(Desde Roma). El peso específico de la política terminó con los malos entendidos. Francisco tiene diferencias ideológicas con Mauricio, pero ambos coinciden en una agenda social que borra sus distintas perspectivas sobre el funcionamiento del mundo. El Papa pensó que el Presidente ejecutaría una administración gobernada por sus intereses de clase, el Presidente probó al Papa que su pertenencia social no implica desconocer la crisis del país y promover un plan que satisfaga los intereses de los más necesitados.
Macri asumió sus diferencias ideológicas con Francisco y enterró sus rabietas personales con el cardenal Jorge Bergoglio: otra época, otras circunstancias. El Presidente hizo tabla rasa e inició una hoja de ruta para encontrar un punto de contacto con el Papa. Pidió información exacta a sus ministros, ordenó callar a los cruzados y aguardó una señal expresa al otro lado del Tíber.
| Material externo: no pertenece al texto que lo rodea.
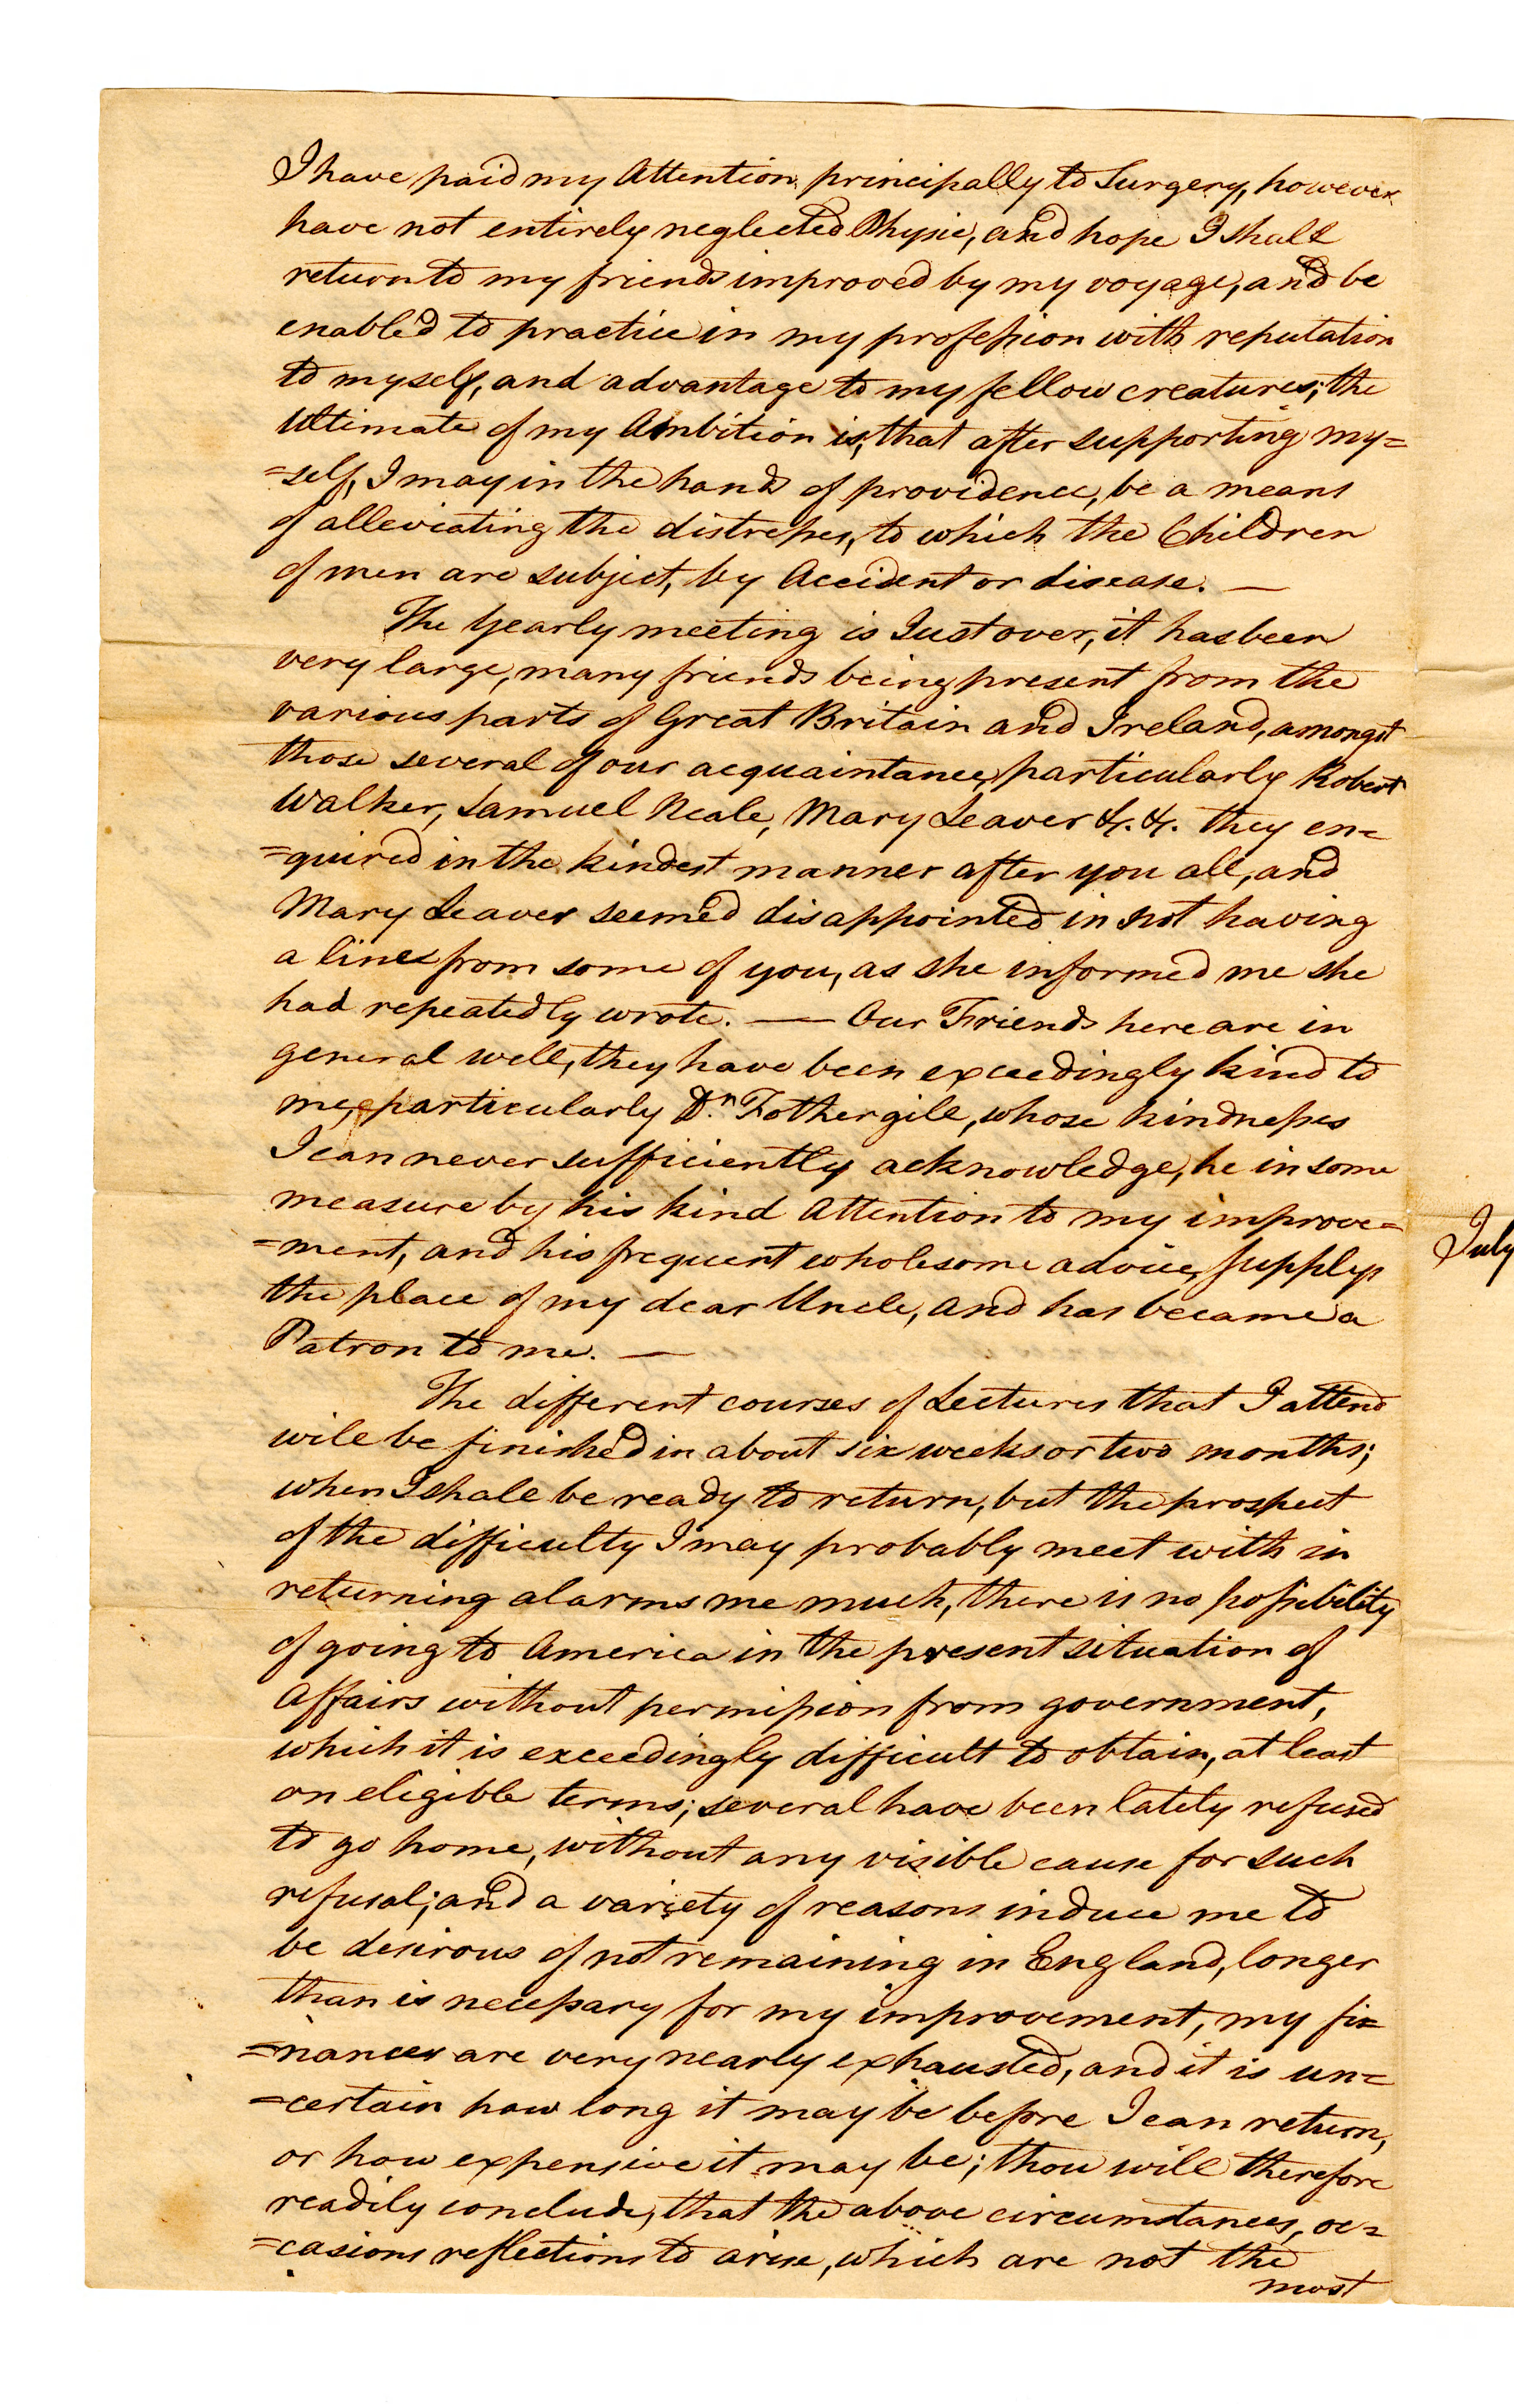I have paid my Attention principally to Surgery, however
have not entirely neglected Physic, and hope I shall
return to my friends improved by my voyage, and be
enabled to practice in my profession with reputation
to myself, and advantage to my fellow creatures; the
ultimate of my Ambition is, that after supporting my-
-self, I may in the hands of providence, be a means
of alleviating the distress, to which the Children
of men are subject, by Accident or disease.-
The yearly meeting is Just over, it has been
very large, many friends being present from the
various parts of Great Britain and Ireland, amongst
those several of our acquaintance, particularly Robert
Walker, Samuel Neale, Mary Leaver &c. &c. they en-
-quired in the kindest manner after you all, and
Mary Leaver seemed disappointed in not having
a line from some of you, as she informed me she
had repeatedly wrote.- Our Friends here are in
general well, they have been exceedingly kind to
me, particularly D^r. Fothergill, whose kindness
I can never sufficiently acknowledge, he in some
measure by his kind Attention to my improve-
-ment, and his frequent wholesome advice, supply
the place of my dear Uncle, and has become a
Patron to me.-
The different courses of Lectures that I attend
will be finished in about six weeks or two months;
when I shall be ready to return, but the prospect
of the difficulty I may probably meet with in
returning alarms me much, there is no possibility
of going to America in the present situation of
Affairs without permission from government,
which it is exceedingly difficult to obtain, at least
on eligible terms; several have been lately refused
to go home, without any visible cause for such
refusal; and a variety of reasons induce me to
be desirous of not remaining in England, longer
than is necessary for my improvement, my fi-
-nances are very nearly exhausted, and it is un-
-certain how long it may be before I can return,
or how expensive it may be; thou will therefore
readily conclude, that the above circumstances, oc-
-csions reflections to arise, which are not the
most

Francisco hizo su parte. Elogió a Mauricio en un reportaje que concedió a La Nación, silenció a sus propios cruzados y preparó una audiencia privada destinada a satisfacer sus inquietudes políticas y a escuchar los pensamientos de un Presidente que ya tiene poco que ver con el jefe de Gobierno que conoció en Buenos Aires. Atrás del Papa, una maquinaria diplomática y política terminó de preparar un encuentro que debía poner las cosas en su nuevo lugar.
Y así ocurrió. Francisco y Macri hablaron de la Argentina, el mundo, los pobres, los refugiados, el narcotráfico, la corrupción y la esperanza. Como hace el Papa cuando recibe a Barack Obama; como hace el Presidente cuando se encuentra con Ángela Merkel. Una audiencia entre dos jefes de Estado, una reunión privada entre dos argentinos que tienen responsabilidades políticas e históricas.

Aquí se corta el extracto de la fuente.